## Work instructions:
Go through the lines below and repeat each one exactly, skipping pictures.
Data for the task Start Marker
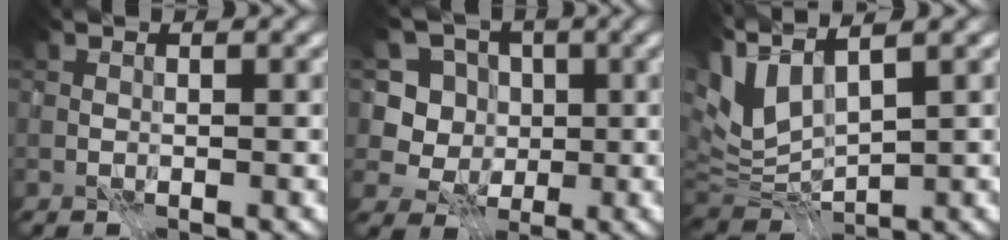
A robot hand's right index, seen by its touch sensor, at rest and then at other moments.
{"total": 6.2, "force": [-0.1, 5.8, 2.1], "torque": [-0.036, 0.010, -0.030]}
{"total": 6.5, "force": [3.0, 2.3, 5.3], "torque": [-0.126, 0.008, 0.051]}
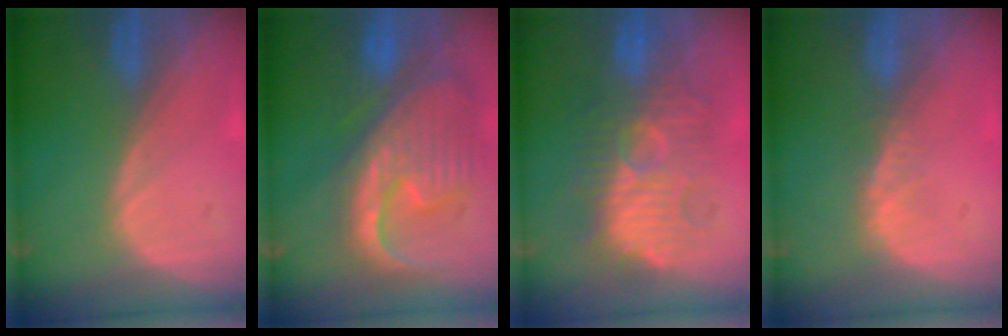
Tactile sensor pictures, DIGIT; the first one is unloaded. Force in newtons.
{"total": 12.8, "press": 10.9, "slide": 6.6}
{"total": 9.9, "press": 9.9, "slide": 0.3}
{"total": 2.1, "press": 1.5, "slide": 1.4}
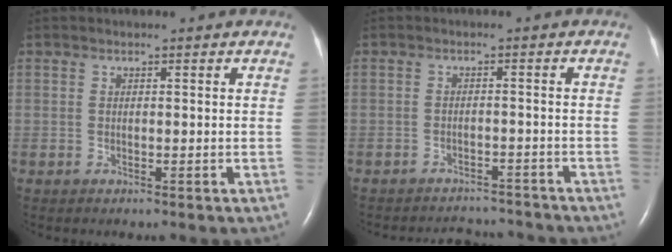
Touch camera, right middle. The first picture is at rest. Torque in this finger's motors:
{"motor_torque": [0.03, -0.04, 0.03, 0.03]}
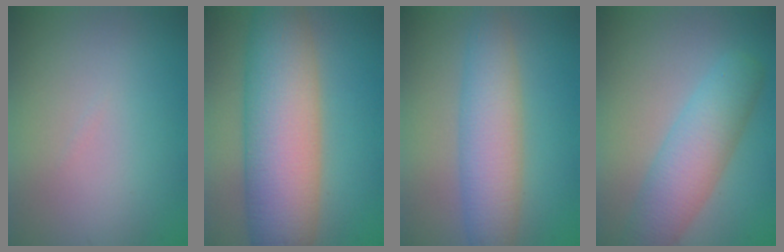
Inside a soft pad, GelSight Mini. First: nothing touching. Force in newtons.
{"total": 10.3, "press": 10.3, "slide": 0.2}
{"total": 5.7, "press": 5.6, "slide": 0.3}
{"total": 5.7, "press": 5.7, "slide": 0.1}
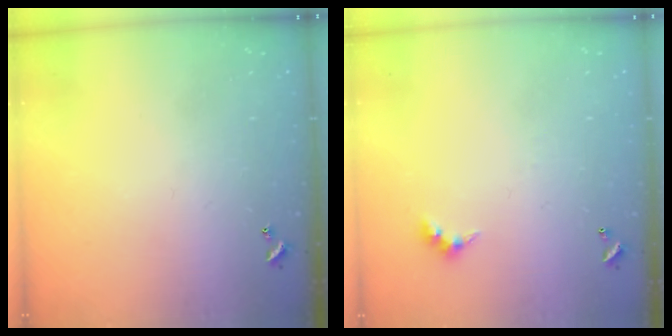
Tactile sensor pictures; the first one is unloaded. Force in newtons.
{"total": 2.4, "press": 2.4, "slide": 0.5}
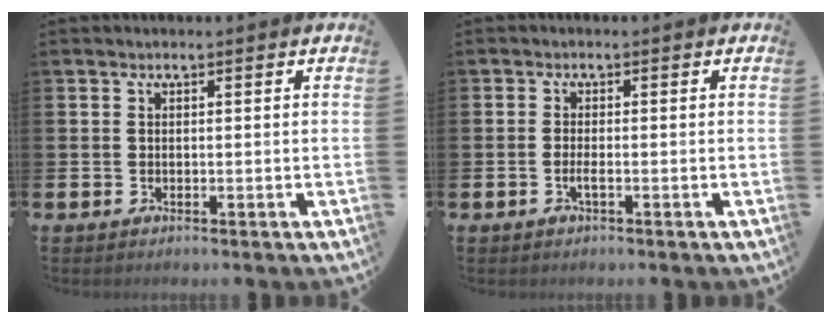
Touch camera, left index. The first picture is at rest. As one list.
[{"total": 1.0, "force": [-0.4, 0.2, 1.0], "torque": [-0.020, -0.001, -0.007]}]
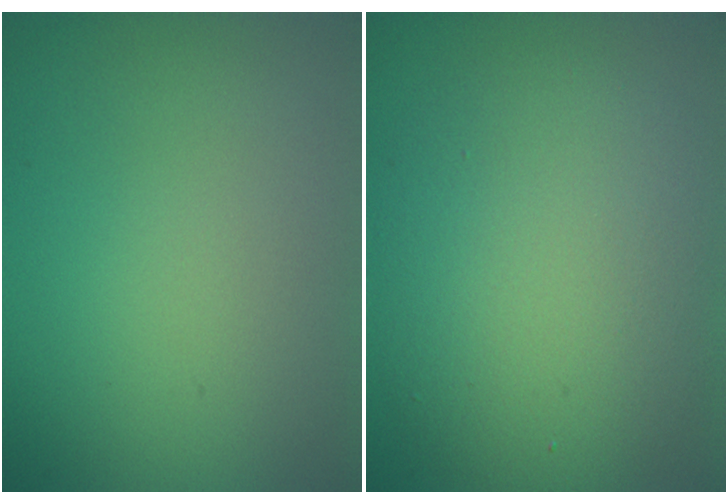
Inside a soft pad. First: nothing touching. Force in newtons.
{"total": 7.8, "press": 7.8, "slide": 0.5}
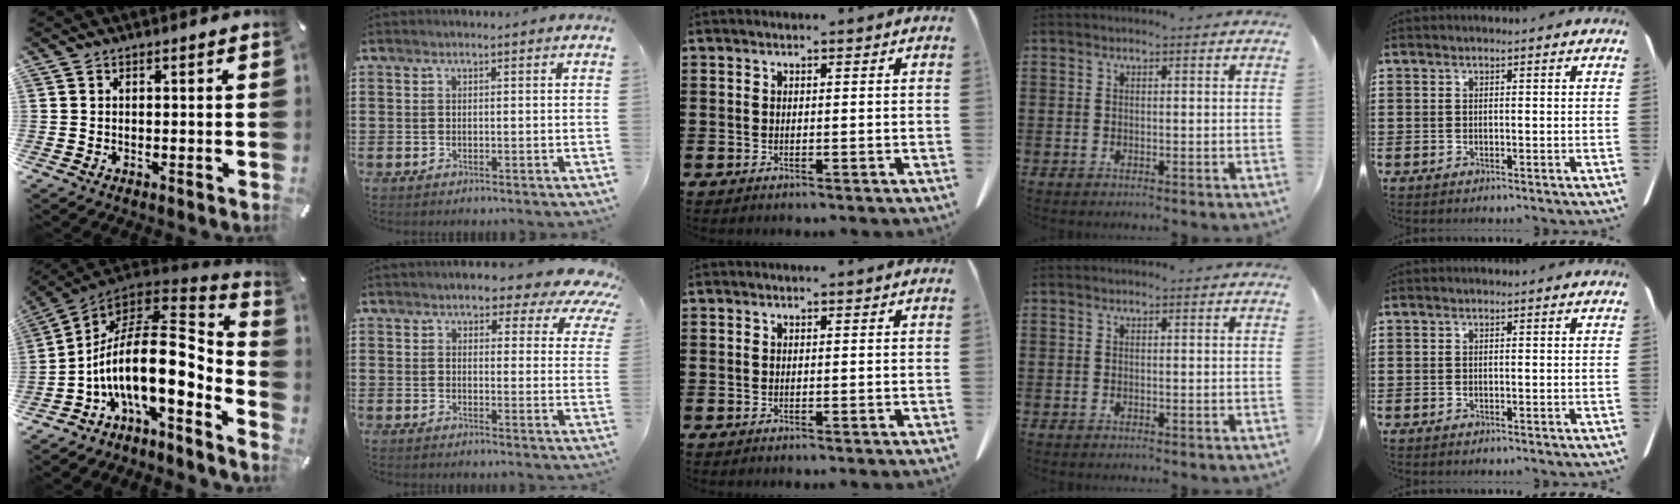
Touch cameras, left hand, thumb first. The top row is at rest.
{"thumb": {"total": 20.2, "force": [-2.0, 9.8, 17.5], "torque": [-0.324, -0.036, -0.039]}, "index": {"total": 5.2, "force": [4.5, 1.4, 2.2], "torque": [-0.046, -0.023, 0.073]}}
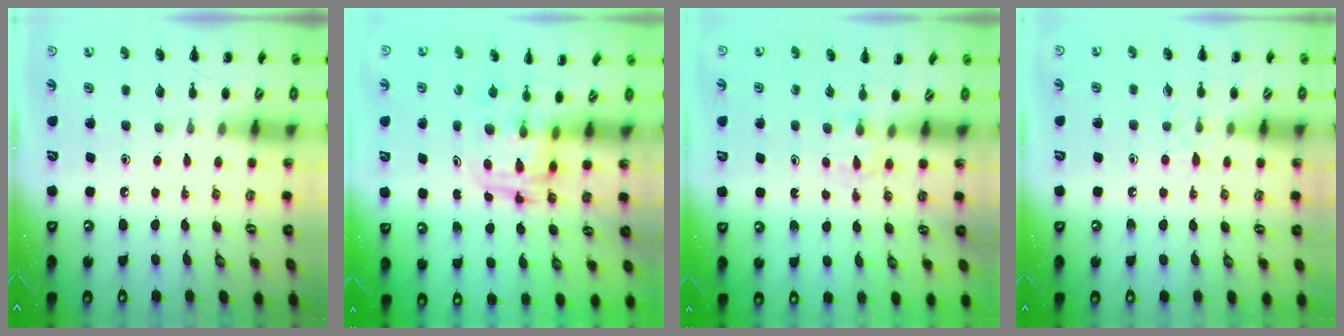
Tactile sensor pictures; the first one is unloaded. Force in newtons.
{"total": 3.1, "press": 3.1, "slide": 0.5}
{"total": 2.3, "press": 2.1, "slide": 1.0}
{"total": 4.9, "press": 4.4, "slide": 1.9}
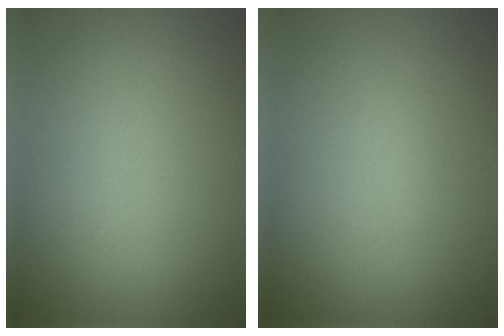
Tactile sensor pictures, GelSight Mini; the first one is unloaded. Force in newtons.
{"total": 0.6, "press": 0.6, "slide": 0.1}
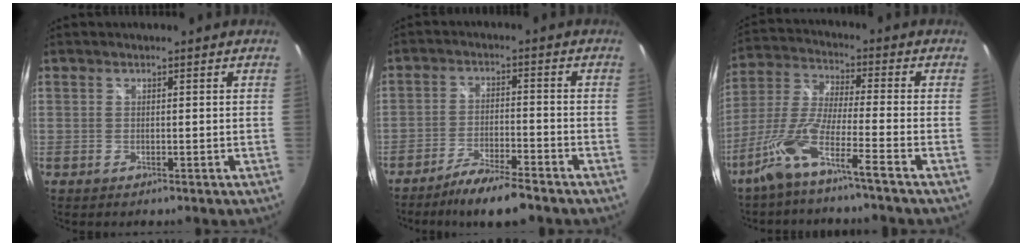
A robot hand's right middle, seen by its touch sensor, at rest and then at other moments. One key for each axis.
{"total": 8.6, "fx": -7.2, "fy": 1.0, "fz": 4.7, "tx": -0.100, "ty": -0.007, "tz": -0.120}
{"total": 9.3, "fx": -6.1, "fy": -0.3, "fz": 7.0, "tx": -0.152, "ty": -0.002, "tz": -0.117}
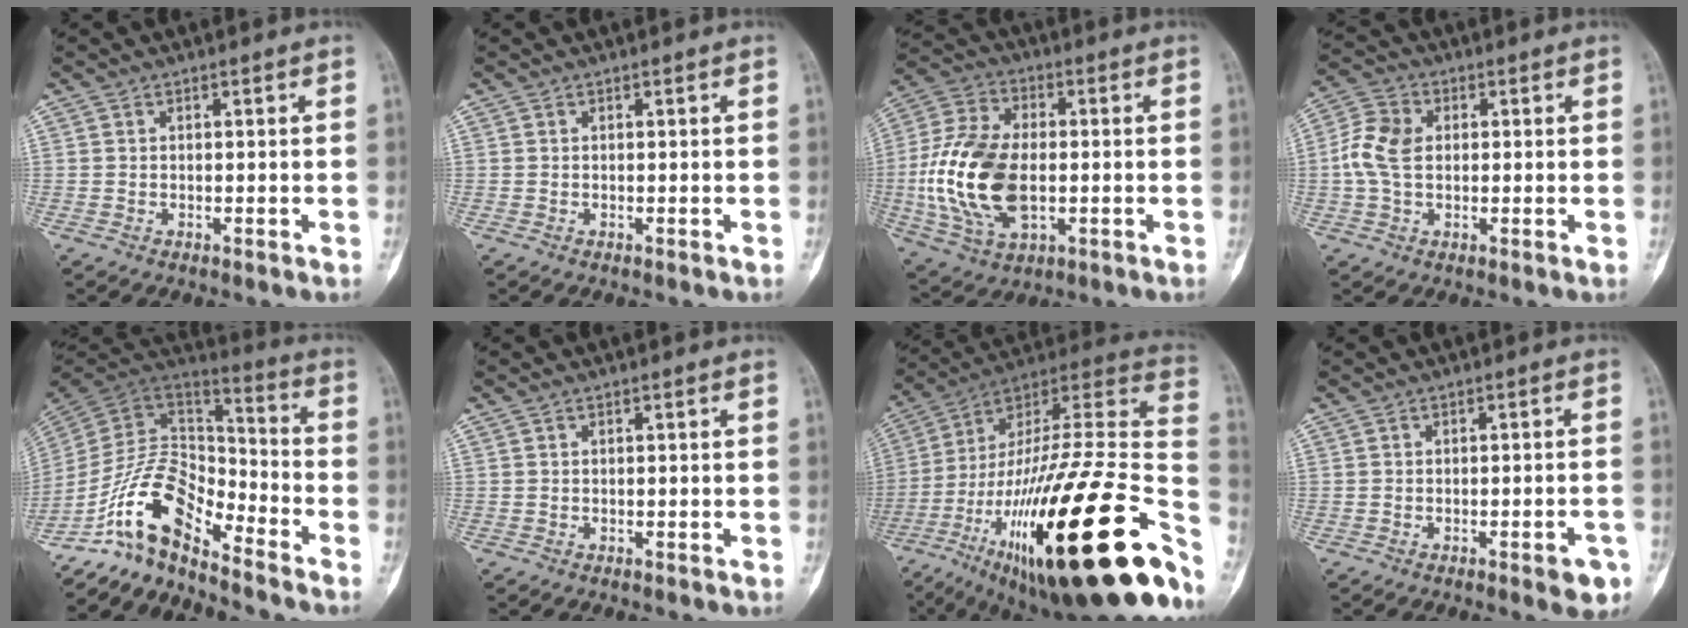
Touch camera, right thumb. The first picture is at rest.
{"total": 0.0}
{"total": 19.1, "force": [-1.8, 11.2, 15.3], "torque": [-0.313, 0.004, -0.027]}
{"total": 7.6, "force": [0.3, 5.3, 5.5], "torque": [-0.117, 0.017, 0.001]}
{"total": 14.4, "force": [-10.9, 5.4, 7.7], "torque": [-0.130, 0.101, -0.212]}
{"total": 0.0}
{"total": 44.0, "force": [-17.2, 11.1, 38.9], "torque": [-0.560, 0.047, -0.283]}
{"total": 4.2, "force": [-2.2, 1.4, 3.4], "torque": [-0.027, 0.007, -0.023]}
Data for the task End Marker
## Solution:
A robot hand's right index, seen by its touch sensor, at rest and then at other moments.
{"total": 6.2, "force": [-0.1, 5.8, 2.1], "torque": [-0.036, 0.010, -0.030]}
{"total": 6.5, "force": [3.0, 2.3, 5.3], "torque": [-0.126, 0.008, 0.051]}
Tactile sensor pictures, DIGIT; the first one is unloaded. Force in newtons.
{"total": 12.8, "press": 10.9, "slide": 6.6}
{"total": 9.9, "press": 9.9, "slide": 0.3}
{"total": 2.1, "press": 1.5, "slide": 1.4}
Touch camera, right middle. The first picture is at rest. Torque in this finger's motors:
{"motor_torque": [0.03, -0.04, 0.03, 0.03]}
Inside a soft pad, GelSight Mini. First: nothing touching. Force in newtons.
{"total": 10.3, "press": 10.3, "slide": 0.2}
{"total": 5.7, "press": 5.6, "slide": 0.3}
{"total": 5.7, "press": 5.7, "slide": 0.1}
Tactile sensor pictures; the first one is unloaded. Force in newtons.
{"total": 2.4, "press": 2.4, "slide": 0.5}
Touch camera, left index. The first picture is at rest. As one list.
[{"total": 1.0, "force": [-0.4, 0.2, 1.0], "torque": [-0.020, -0.001, -0.007]}]
Inside a soft pad. First: nothing touching. Force in newtons.
{"total": 7.8, "press": 7.8, "slide": 0.5}
Touch cameras, left hand, thumb first. The top row is at rest.
{"thumb": {"total": 20.2, "force": [-2.0, 9.8, 17.5], "torque": [-0.324, -0.036, -0.039]}, "index": {"total": 5.2, "force": [4.5, 1.4, 2.2], "torque": [-0.046, -0.023, 0.073]}}
Tactile sensor pictures; the first one is unloaded. Force in newtons.
{"total": 3.1, "press": 3.1, "slide": 0.5}
{"total": 2.3, "press": 2.1, "slide": 1.0}
{"total": 4.9, "press": 4.4, "slide": 1.9}
Tactile sensor pictures, GelSight Mini; the first one is unloaded. Force in newtons.
{"total": 0.6, "press": 0.6, "slide": 0.1}
A robot hand's right middle, seen by its touch sensor, at rest and then at other moments. One key for each axis.
{"total": 8.6, "fx": -7.2, "fy": 1.0, "fz": 4.7, "tx": -0.100, "ty": -0.007, "tz": -0.120}
{"total": 9.3, "fx": -6.1, "fy": -0.3, "fz": 7.0, "tx": -0.152, "ty": -0.002, "tz": -0.117}
Touch camera, right thumb. The first picture is at rest.
{"total": 0.0}
{"total": 19.1, "force": [-1.8, 11.2, 15.3], "torque": [-0.313, 0.004, -0.027]}
{"total": 7.6, "force": [0.3, 5.3, 5.5], "torque": [-0.117, 0.017, 0.001]}
{"total": 14.4, "force": [-10.9, 5.4, 7.7], "torque": [-0.130, 0.101, -0.212]}
{"total": 0.0}
{"total": 44.0, "force": [-17.2, 11.1, 38.9], "torque": [-0.560, 0.047, -0.283]}
{"total": 4.2, "force": [-2.2, 1.4, 3.4], "torque": [-0.027, 0.007, -0.023]}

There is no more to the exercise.